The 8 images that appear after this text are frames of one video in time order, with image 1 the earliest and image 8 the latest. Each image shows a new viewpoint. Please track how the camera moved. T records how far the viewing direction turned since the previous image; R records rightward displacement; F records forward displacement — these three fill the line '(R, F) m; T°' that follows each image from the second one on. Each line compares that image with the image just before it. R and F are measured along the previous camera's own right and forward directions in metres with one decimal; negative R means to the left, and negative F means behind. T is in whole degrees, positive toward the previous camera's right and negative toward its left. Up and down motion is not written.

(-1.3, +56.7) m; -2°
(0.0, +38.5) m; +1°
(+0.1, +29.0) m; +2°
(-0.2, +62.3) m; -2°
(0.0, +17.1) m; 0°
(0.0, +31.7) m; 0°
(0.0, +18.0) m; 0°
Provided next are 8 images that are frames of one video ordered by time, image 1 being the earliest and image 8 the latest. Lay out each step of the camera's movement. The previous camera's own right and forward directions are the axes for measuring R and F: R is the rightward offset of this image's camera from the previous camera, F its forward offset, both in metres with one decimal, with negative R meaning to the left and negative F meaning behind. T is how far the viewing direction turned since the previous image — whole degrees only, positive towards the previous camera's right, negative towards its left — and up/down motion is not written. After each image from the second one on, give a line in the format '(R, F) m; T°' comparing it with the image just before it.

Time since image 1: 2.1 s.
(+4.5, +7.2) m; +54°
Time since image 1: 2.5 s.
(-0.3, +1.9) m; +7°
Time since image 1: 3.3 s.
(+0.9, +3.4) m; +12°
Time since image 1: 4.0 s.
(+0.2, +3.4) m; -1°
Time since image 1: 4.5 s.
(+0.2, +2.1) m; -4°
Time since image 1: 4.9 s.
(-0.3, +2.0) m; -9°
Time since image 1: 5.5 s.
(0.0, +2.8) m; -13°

━━━

:: ASSIGNMENT ::
A verbatim copy of the records above should be returned.

:: SOLUTION FOR THIS TASK ::
The 8 images that appear after this text are frames of one video in time order, with image 1 the earliest and image 8 the latest. Each image shows a new viewpoint. Please track how the camera moved. T records how far the viewing direction turned since the previous image; R records rightward displacement; F records forward displacement — these three fill the line '(R, F) m; T°' that follows each image from the second one on. Each line compares that image with the image just before it. R and F are measured along the previous camera's own right and forward directions in metres with one decimal; negative R means to the left, and negative F means behind. T is in whole degrees, positive toward the previous camera's right and negative toward its left. Up and down motion is not written.

(-1.3, +56.7) m; -2°
(0.0, +38.5) m; +1°
(+0.1, +29.0) m; +2°
(-0.2, +62.3) m; -2°
(0.0, +17.1) m; 0°
(0.0, +31.7) m; 0°
(0.0, +18.0) m; 0°
Provided next are 8 images that are frames of one video ordered by time, image 1 being the earliest and image 8 the latest. Lay out each step of the camera's movement. The previous camera's own right and forward directions are the axes for measuring R and F: R is the rightward offset of this image's camera from the previous camera, F its forward offset, both in metres with one decimal, with negative R meaning to the left and negative F meaning behind. T is how far the viewing direction turned since the previous image — whole degrees only, positive towards the previous camera's right, negative towards its left — and up/down motion is not written. After each image from the second one on, give a line in the format '(R, F) m; T°' comparing it with the image just before it.

Time since image 1: 2.1 s.
(+4.5, +7.2) m; +54°
Time since image 1: 2.5 s.
(-0.3, +1.9) m; +7°
Time since image 1: 3.3 s.
(+0.9, +3.4) m; +12°
Time since image 1: 4.0 s.
(+0.2, +3.4) m; -1°
Time since image 1: 4.5 s.
(+0.2, +2.1) m; -4°
Time since image 1: 4.9 s.
(-0.3, +2.0) m; -9°
Time since image 1: 5.5 s.
(0.0, +2.8) m; -13°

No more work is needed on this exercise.